====== RECORDS FOR THE EXERCISE ======
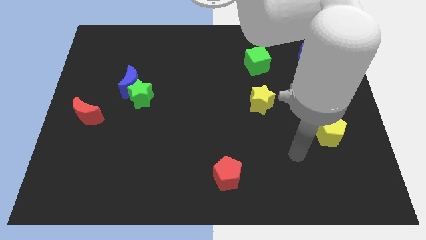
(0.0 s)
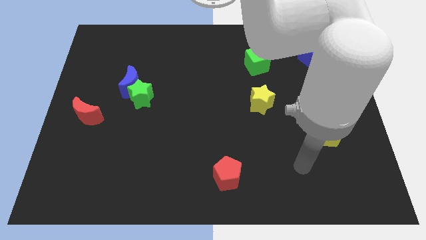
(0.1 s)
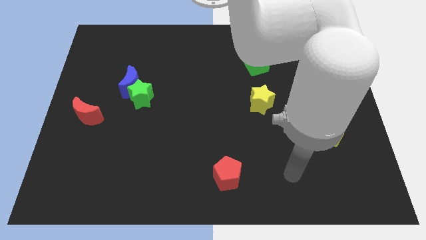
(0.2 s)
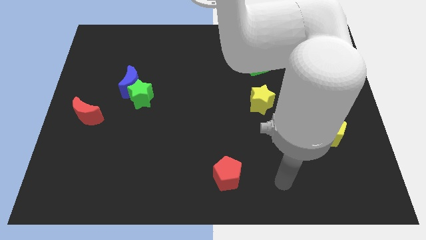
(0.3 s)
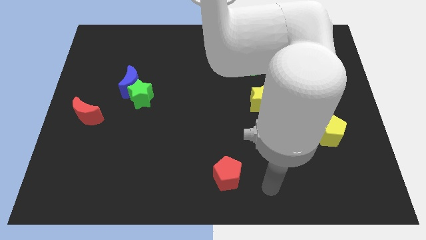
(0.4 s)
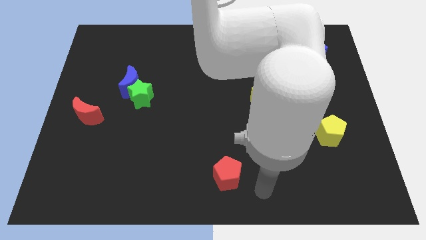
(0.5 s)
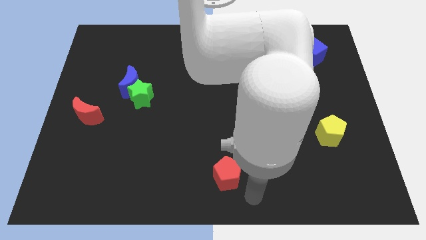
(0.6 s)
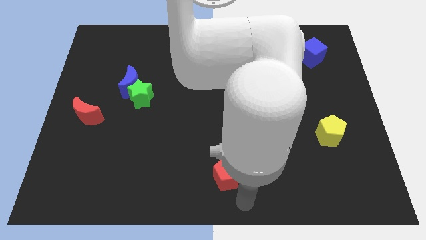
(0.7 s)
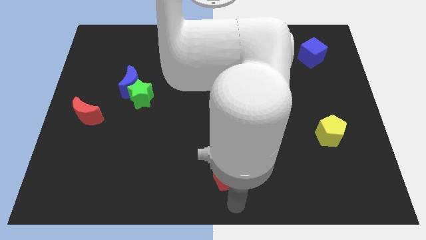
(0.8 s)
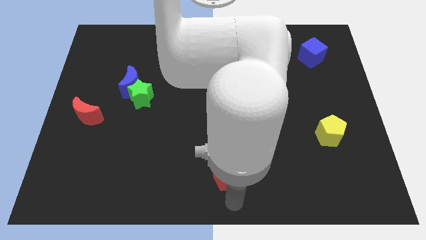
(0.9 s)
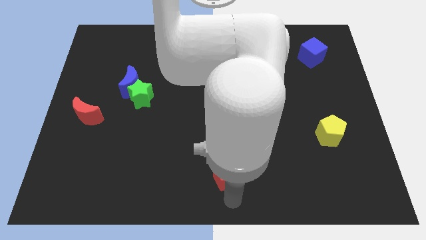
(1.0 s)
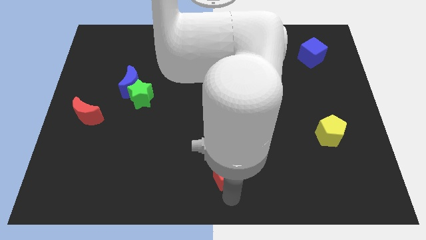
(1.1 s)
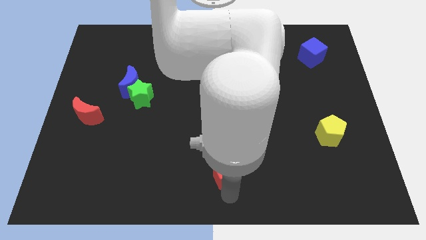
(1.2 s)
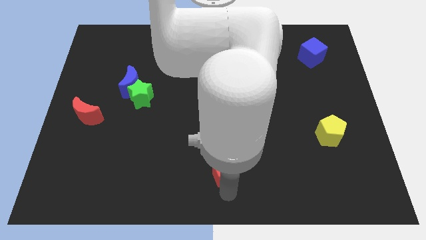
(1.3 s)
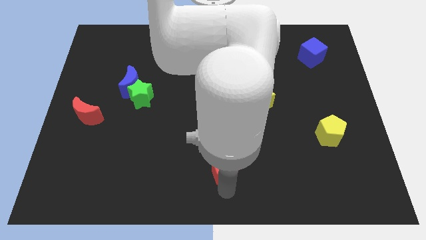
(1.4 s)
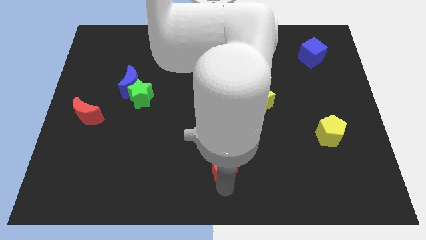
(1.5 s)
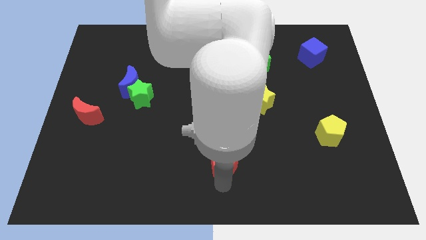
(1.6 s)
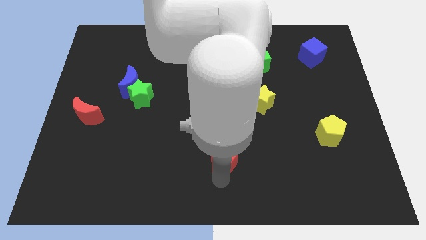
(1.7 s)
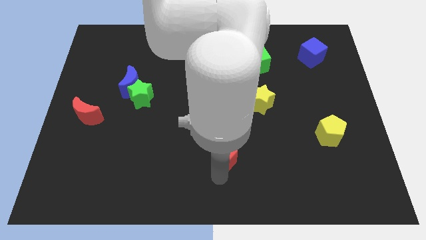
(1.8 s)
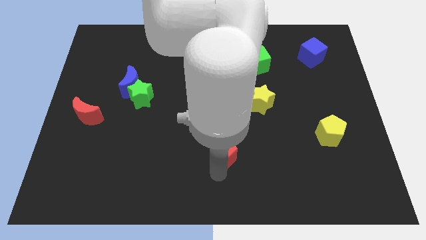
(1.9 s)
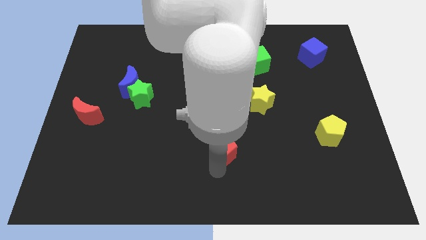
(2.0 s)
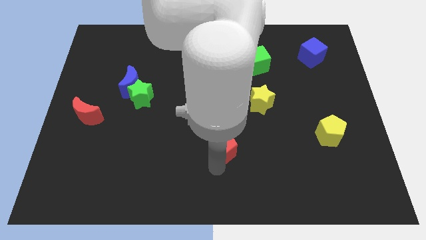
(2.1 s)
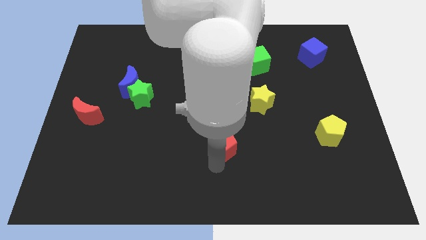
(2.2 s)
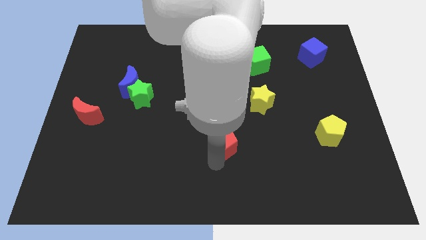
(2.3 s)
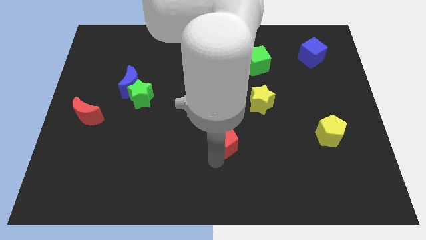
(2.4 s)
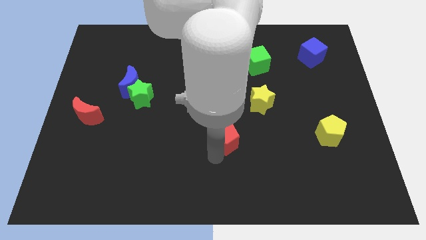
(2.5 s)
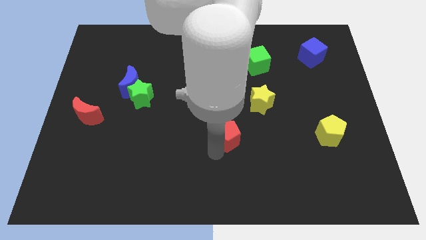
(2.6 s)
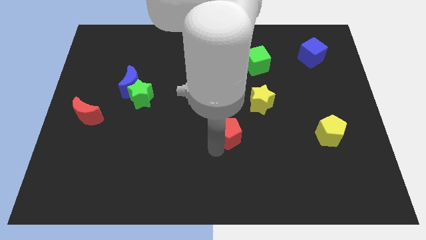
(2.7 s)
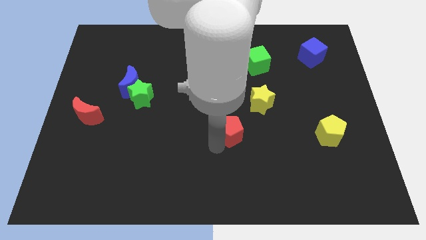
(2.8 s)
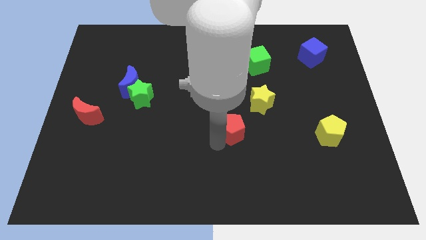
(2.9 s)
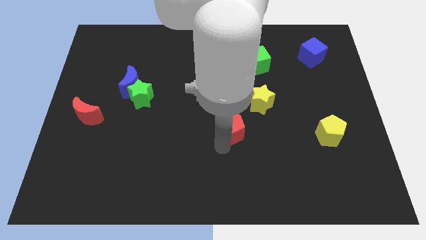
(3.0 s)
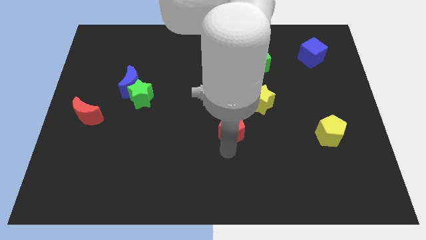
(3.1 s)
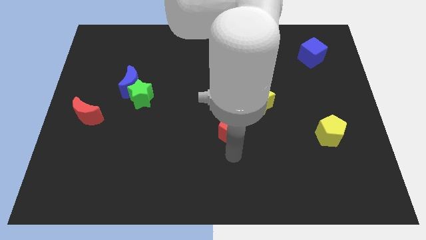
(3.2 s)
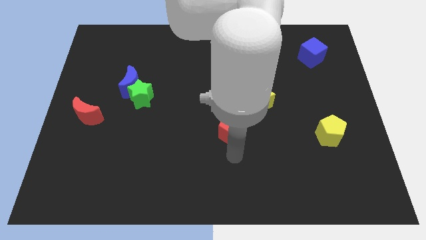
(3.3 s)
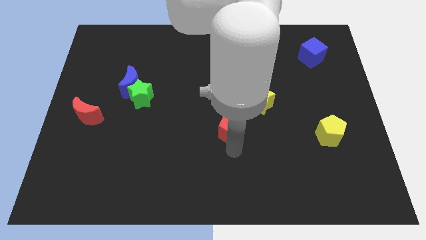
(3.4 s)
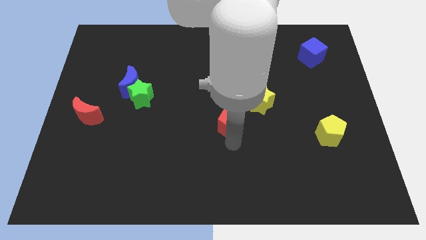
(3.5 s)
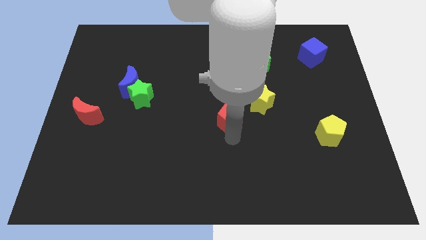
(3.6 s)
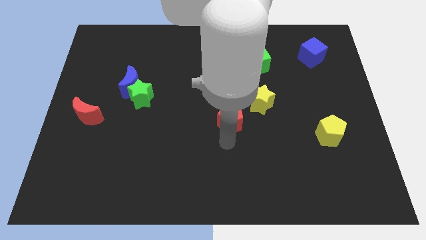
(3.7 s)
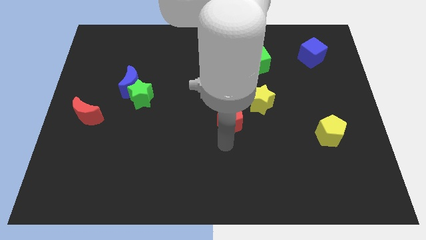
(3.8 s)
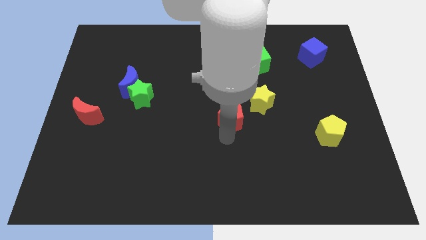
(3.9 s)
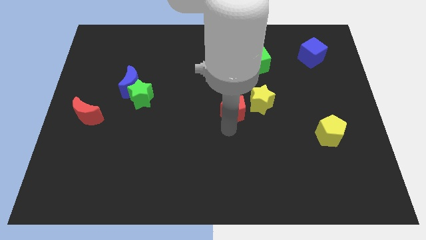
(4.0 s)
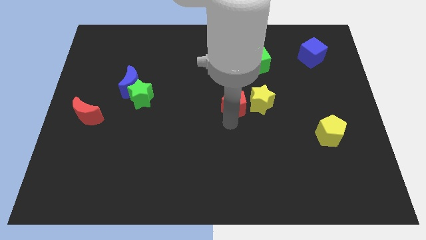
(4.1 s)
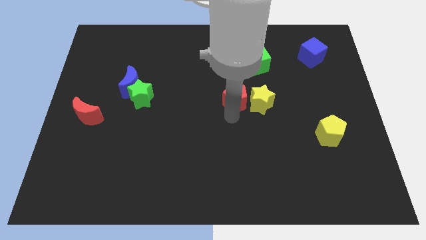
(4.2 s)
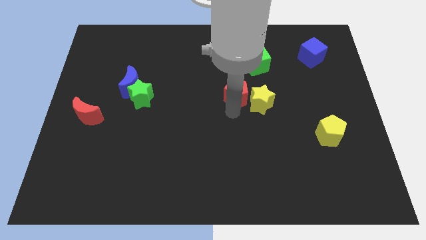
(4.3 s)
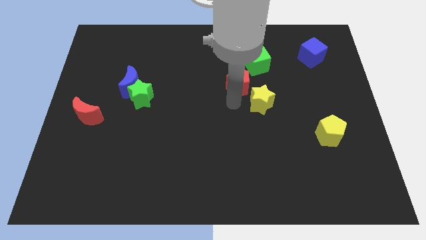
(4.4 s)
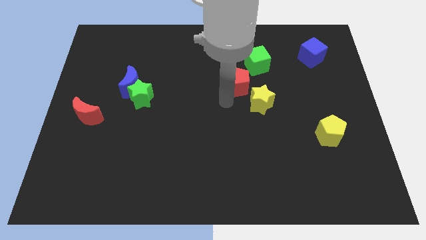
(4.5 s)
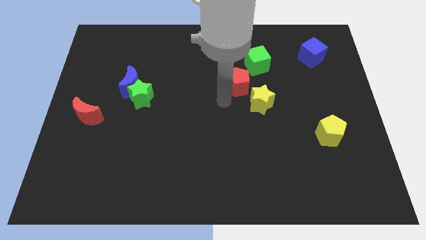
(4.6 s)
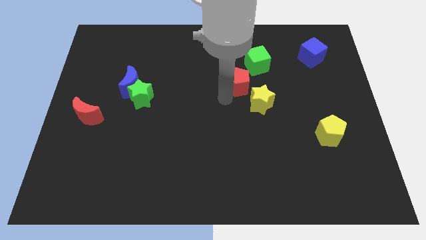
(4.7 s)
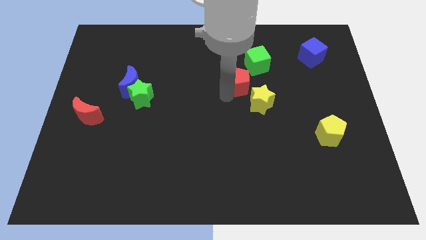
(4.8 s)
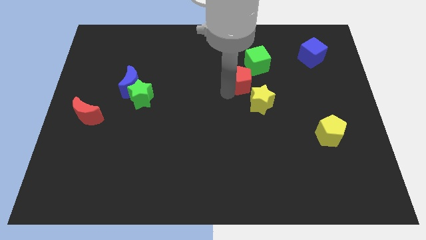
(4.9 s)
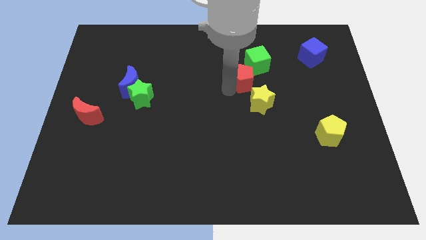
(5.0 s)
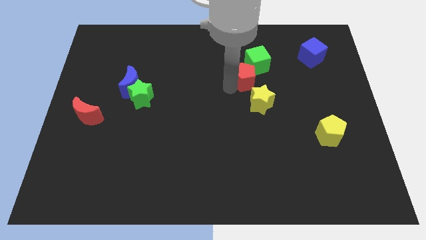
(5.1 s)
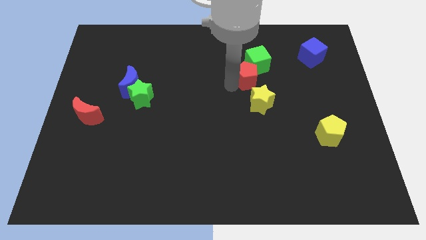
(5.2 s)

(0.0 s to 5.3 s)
push the red pentagon close to the green cube
======
* [WORK INSTRUCTIONS] Leave the images out and give the rest of the data again exactly.

* [SOLVED PROBLEM]
(0.0 s)
(0.1 s)
(0.2 s)
(0.3 s)
(0.4 s)
(0.5 s)
(0.6 s)
(0.7 s)
(0.8 s)
(0.9 s)
(1.0 s)
(1.1 s)
(1.2 s)
(1.3 s)
(1.4 s)
(1.5 s)
(1.6 s)
(1.7 s)
(1.8 s)
(1.9 s)
(2.0 s)
(2.1 s)
(2.2 s)
(2.3 s)
(2.4 s)
(2.5 s)
(2.6 s)
(2.7 s)
(2.8 s)
(2.9 s)
(3.0 s)
(3.1 s)
(3.2 s)
(3.3 s)
(3.4 s)
(3.5 s)
(3.6 s)
(3.7 s)
(3.8 s)
(3.9 s)
(4.0 s)
(4.1 s)
(4.2 s)
(4.3 s)
(4.4 s)
(4.5 s)
(4.6 s)
(4.7 s)
(4.8 s)
(4.9 s)
(5.0 s)
(5.1 s)
(5.2 s)

(0.0 s to 5.3 s)
push the red pentagon close to the green cube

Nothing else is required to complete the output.